Begin at the line that has "The image shows", stop after the line that has "Spacing verdict: proportional, widths", and print exactly those lines from the records below, without any pictures.

Top of SOURCE MATERIAL

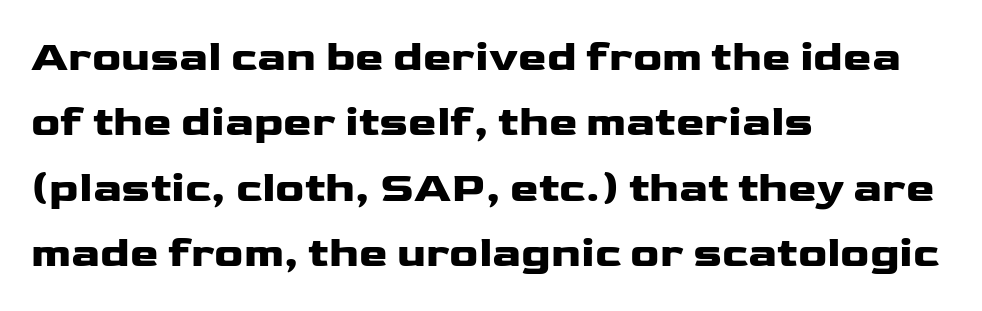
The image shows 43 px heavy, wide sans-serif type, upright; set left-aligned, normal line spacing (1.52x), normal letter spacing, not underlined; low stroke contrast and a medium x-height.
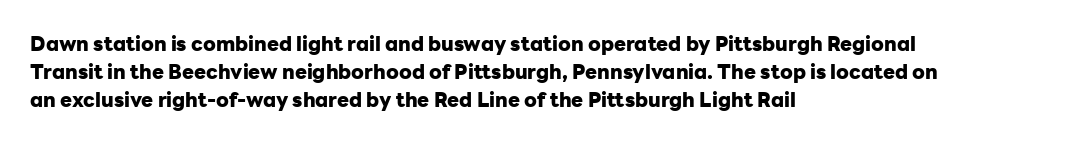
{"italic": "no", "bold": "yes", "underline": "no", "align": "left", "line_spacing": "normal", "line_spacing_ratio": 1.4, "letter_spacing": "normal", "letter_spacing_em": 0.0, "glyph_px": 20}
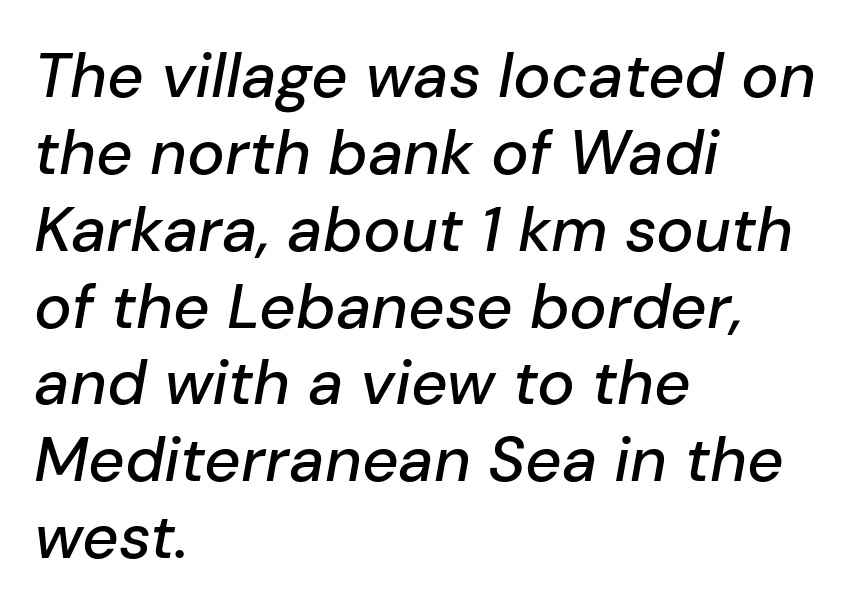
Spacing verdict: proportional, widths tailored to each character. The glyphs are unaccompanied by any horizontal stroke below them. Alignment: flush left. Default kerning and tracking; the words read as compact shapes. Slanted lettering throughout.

Bottom of SOURCE MATERIAL
Top of SOURCE MATERIAL

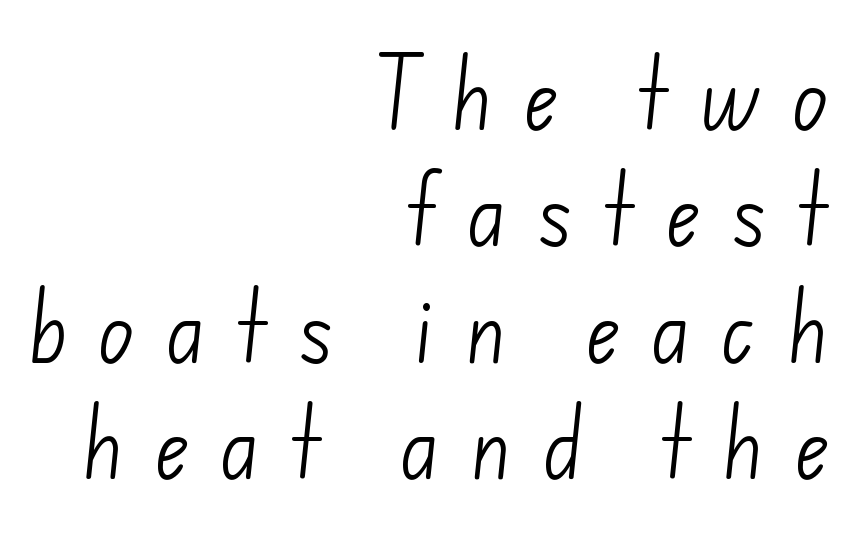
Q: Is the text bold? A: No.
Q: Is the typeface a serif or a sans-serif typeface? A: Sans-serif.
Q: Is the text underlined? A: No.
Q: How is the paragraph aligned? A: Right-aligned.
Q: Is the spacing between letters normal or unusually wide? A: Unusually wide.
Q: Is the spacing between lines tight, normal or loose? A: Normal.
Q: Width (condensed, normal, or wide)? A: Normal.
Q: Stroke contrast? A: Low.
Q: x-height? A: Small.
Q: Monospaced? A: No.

Bottom of SOURCE MATERIAL
Top of SOURCE MATERIAL

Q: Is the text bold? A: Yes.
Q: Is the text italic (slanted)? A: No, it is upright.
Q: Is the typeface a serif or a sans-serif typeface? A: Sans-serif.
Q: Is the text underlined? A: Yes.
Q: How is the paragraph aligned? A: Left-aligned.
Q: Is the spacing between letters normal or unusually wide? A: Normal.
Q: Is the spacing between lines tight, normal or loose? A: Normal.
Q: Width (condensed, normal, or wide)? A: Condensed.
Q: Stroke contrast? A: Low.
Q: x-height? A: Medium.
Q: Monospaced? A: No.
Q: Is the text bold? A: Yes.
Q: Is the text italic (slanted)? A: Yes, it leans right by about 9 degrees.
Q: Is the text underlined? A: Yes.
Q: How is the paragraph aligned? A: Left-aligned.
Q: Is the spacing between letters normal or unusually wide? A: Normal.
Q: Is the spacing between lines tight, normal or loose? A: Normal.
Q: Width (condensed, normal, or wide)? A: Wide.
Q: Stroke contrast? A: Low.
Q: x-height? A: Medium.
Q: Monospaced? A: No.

Bottom of SOURCE MATERIAL

COMPLETED TASK:
The image shows 43 px heavy, wide sans-serif type, upright; set left-aligned, normal line spacing (1.52x), normal letter spacing, not underlined; low stroke contrast and a medium x-height.
{"italic": "no", "bold": "yes", "underline": "no", "align": "left", "line_spacing": "normal", "line_spacing_ratio": 1.4, "letter_spacing": "normal", "letter_spacing_em": 0.0, "glyph_px": 20}
Spacing verdict: proportional, widths tailored to each character. The glyphs are unaccompanied by any horizontal stroke below them. Alignment: flush left. Default kerning and tracking; the words read as compact shapes. Slanted lettering throughout.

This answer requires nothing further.